►

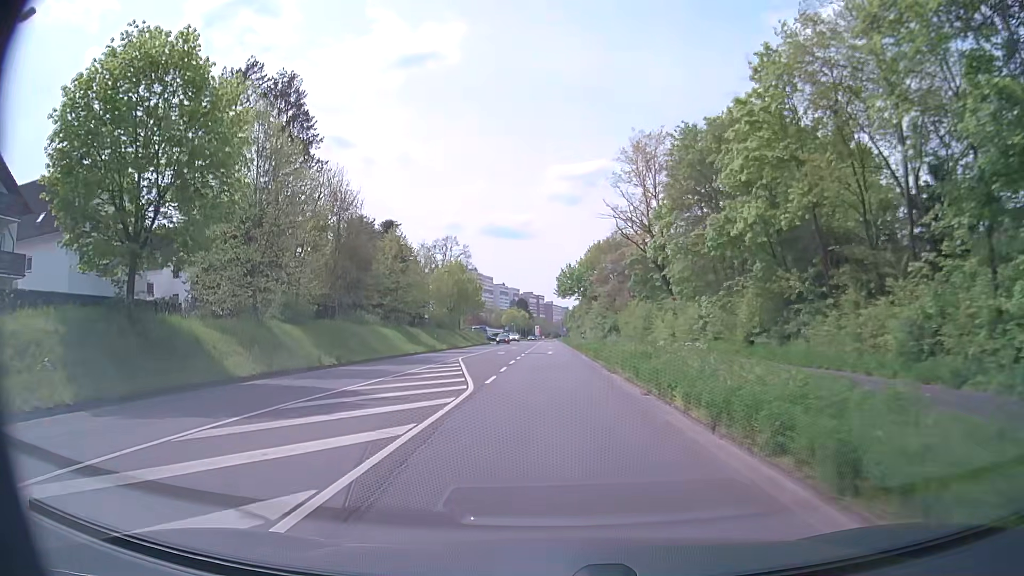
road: secondary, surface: asphalt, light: Day
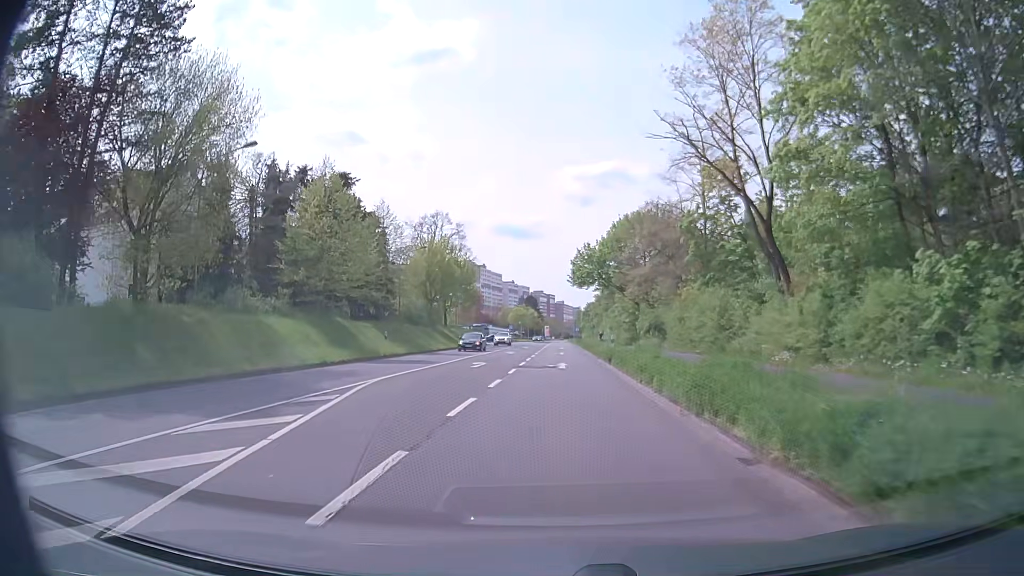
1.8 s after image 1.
(-0.4, +20.5) m; -1°
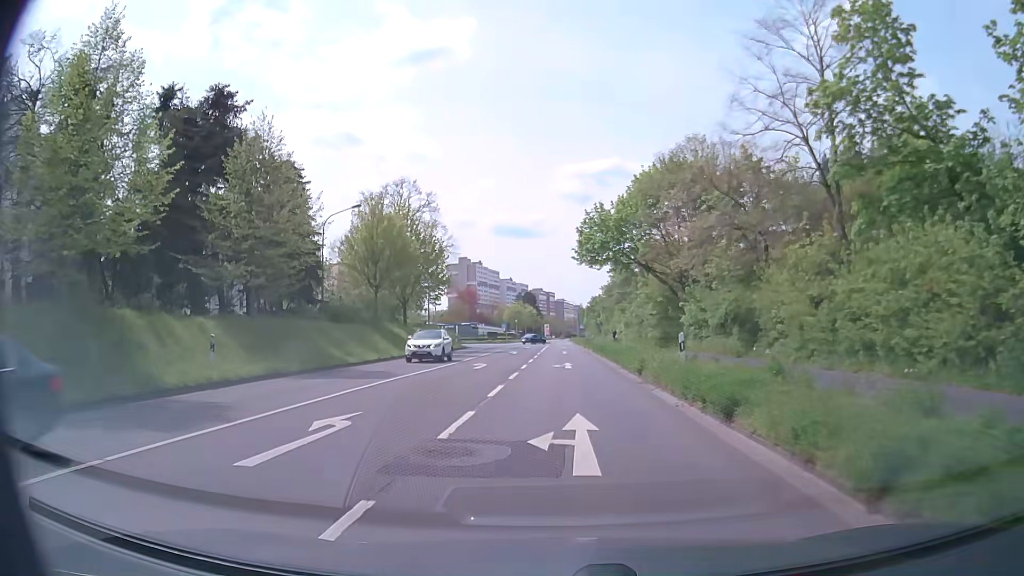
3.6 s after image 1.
(0.0, +20.3) m; 0°
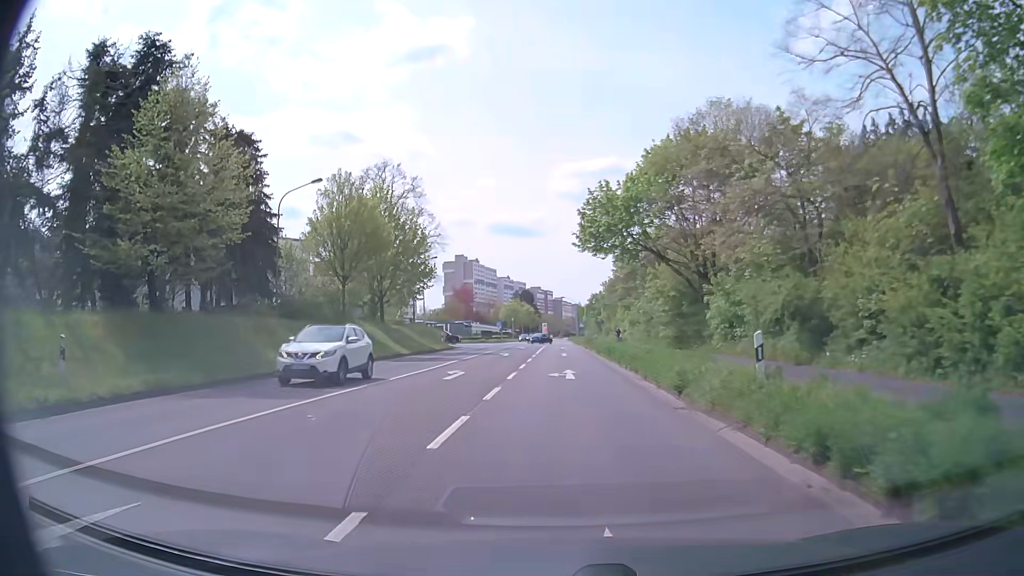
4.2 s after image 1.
(0.0, +6.7) m; +1°
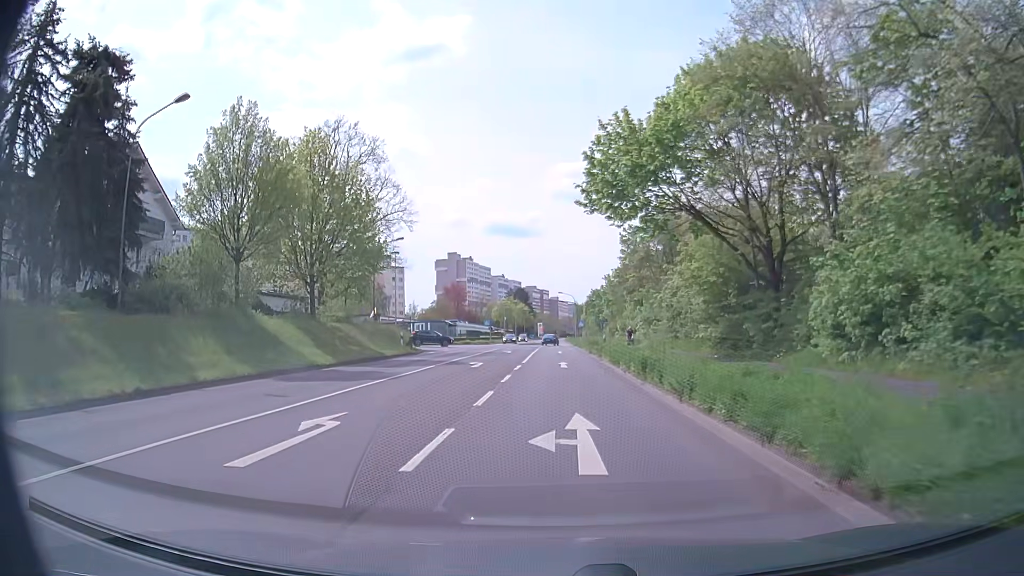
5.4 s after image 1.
(-0.2, +13.4) m; 0°
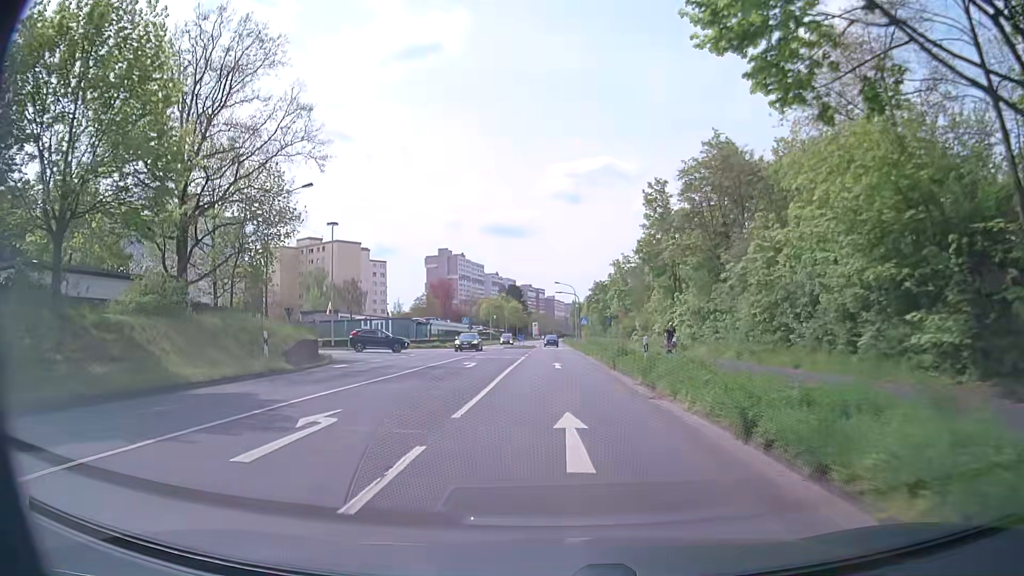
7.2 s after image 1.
(0.0, +19.9) m; 0°
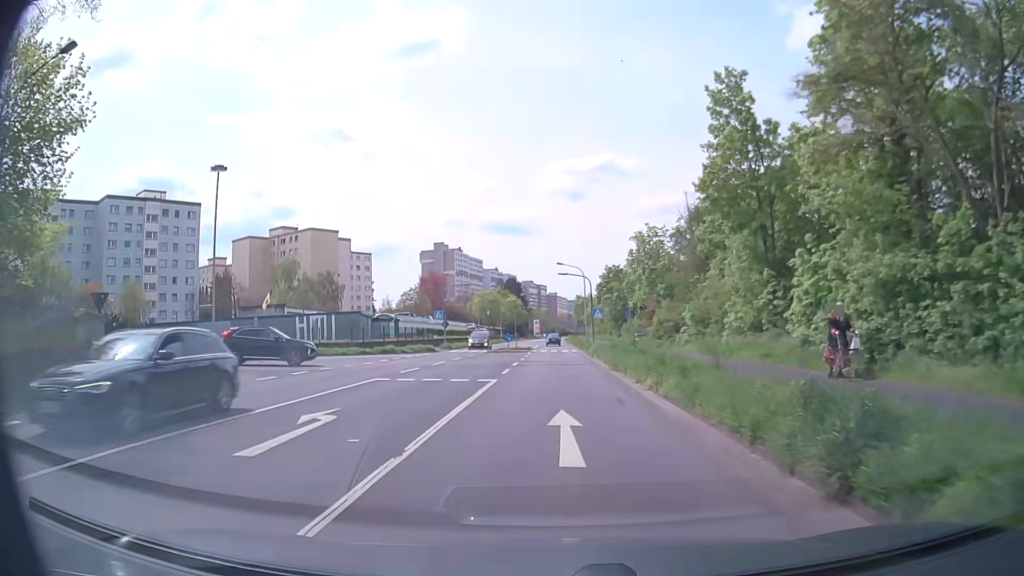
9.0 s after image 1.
(+0.2, +19.7) m; +1°
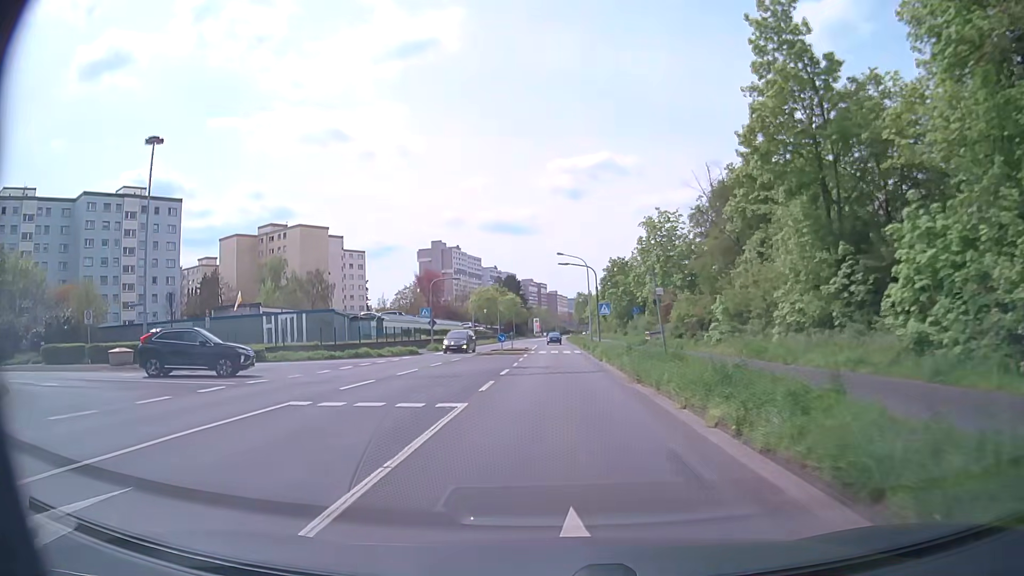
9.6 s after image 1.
(0.0, +6.5) m; -1°
(0, +10) (0, +20) (0, +30) (0, +40) (0, +50) (0, +60) (0, +70) (0, +80) (0, +90) (+1, +100) m

◄

[TASK REQUIREMENTS]
When you restate the listing above, give each line word for word but leave out every image.

[ANSWER SPACE]
road: secondary, surface: asphalt, light: Day
1.8 s after image 1.
(-0.4, +20.5) m; -1°
3.6 s after image 1.
(0.0, +20.3) m; 0°
4.2 s after image 1.
(0.0, +6.7) m; +1°
5.4 s after image 1.
(-0.2, +13.4) m; 0°
7.2 s after image 1.
(0.0, +19.9) m; 0°
9.0 s after image 1.
(+0.2, +19.7) m; +1°
9.6 s after image 1.
(0.0, +6.5) m; -1°
(0, +10) (0, +20) (0, +30) (0, +40) (0, +50) (0, +60) (0, +70) (0, +80) (0, +90) (+1, +100) m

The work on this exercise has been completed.